Slide 10 — Decks and exports: where the outputs actually go
A quick word on decks specifically, because the deck is the output most likely to leave your pipeline and live in someone else's hands. The native form is an HTML deck — presented from a browser, regenerated when the source changes. For audiences that need PowerPoint, the bar to hold any export to is real, editable text frames, not screenshots pasted onto slides. The narrated video reuses the same beats with the synthetic voice and captions. Stills and PDF cover everything else. And because an editable export is also an export that can drift, every file you hand over should say what it was generated from, and your repo should name the canonical version. When the edited deck comes back different, the source wins.
Slide 11 — Worked example: a course module turned into a narrated explainer
Let's trace a real case: one of this school's course modules becoming a narrated explainer — and yes, the module you are watching is the same kind of artifact. The source already existed: thirteen slides, each with a sixty-to-one-twenty word script, written for the course. The pipeline mapped each beat to a template, generated the narration per segment, measured the durations, and set each shot's length from its narration plus breathing room. Visuals were filled from the script's anchors and brand tokens, stitched together, music ducked under the voice. An automated validator confirmed every slide was covered and nothing was left as placeholder text. The human time went to a shot-plan review, two pronunciation fixes, and one real-time watch — which caught a pacing problem, fixed in the script, not in the video.
Slide 12 — Exercise: convert one document into a script outline
Your turn. Pick one existing document — a release note, a help article, a spec, or a course page — and convert it into a script outline on paper. Break it into scenes and beats, one idea per beat, sixty to a hundred and twenty words of narration each, and name each beat's type. Then write the on-screen anchors: the exact words and numbers the viewer must see. Pick the three beats where generated narration would most likely drift off-register and write those three word-for-word yourself. Finally, note what you would disclose about the voice, and where the captions and transcript would live. Keep the outline — it becomes the first run of the pipeline you will define in Module 5.

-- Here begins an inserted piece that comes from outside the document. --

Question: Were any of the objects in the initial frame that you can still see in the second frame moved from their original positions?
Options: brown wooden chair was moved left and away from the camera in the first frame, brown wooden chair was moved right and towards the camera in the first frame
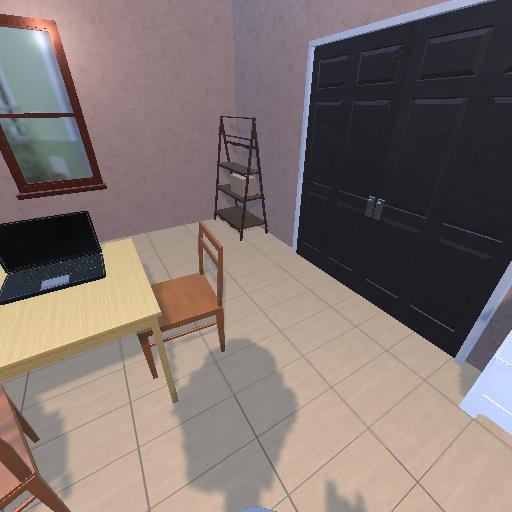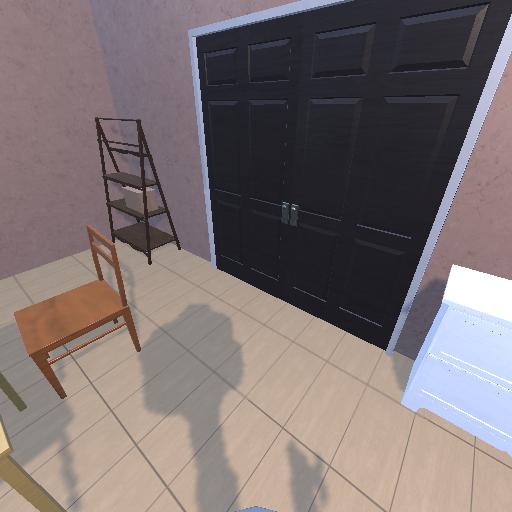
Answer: brown wooden chair was moved left and away from the camera in the first frame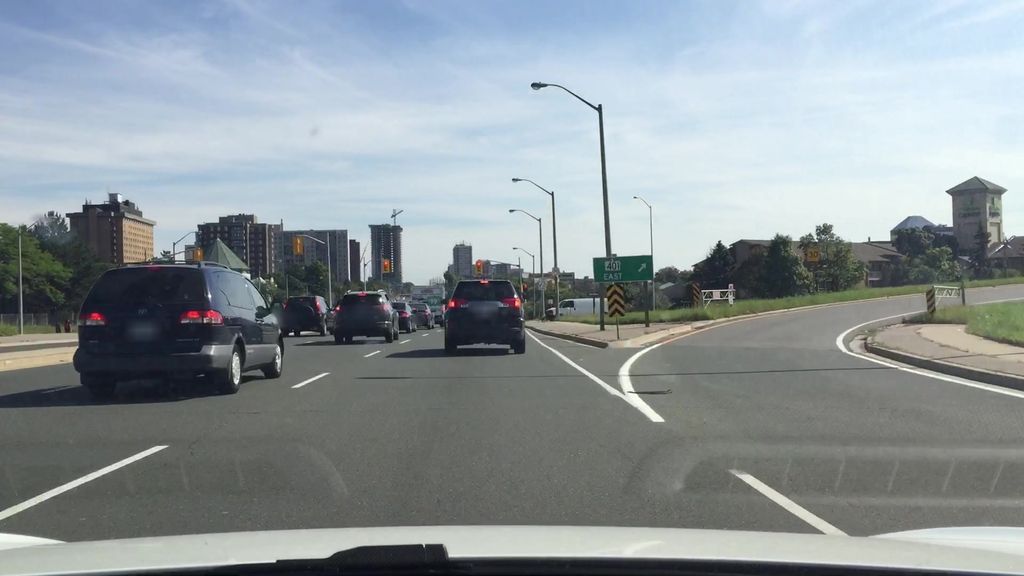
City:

Slide 13 — Summary, and the bridge to motion in product
Let's close. The script is the design: it is the artifact a human writes and edits with care, and the slides, narration, captions, and timing are all derived from it. One source feeds the article, the deck, and the video — maintain the source, never the outputs. Narration drives duration, so the visuals fit the words. Synthetic voice-over is what makes the pipeline repeatable, and the honest default is to disclose it wherever a viewer would otherwise assume a human. And two human passes hold the line: the script edit before any audio exists, and the real-time watch before anything ships. Module 4 changes the subject from video to the product itself — motion inside the interface, and the rules of duration, easing, and restraint that keep an agent from animating everything that moves. See you there.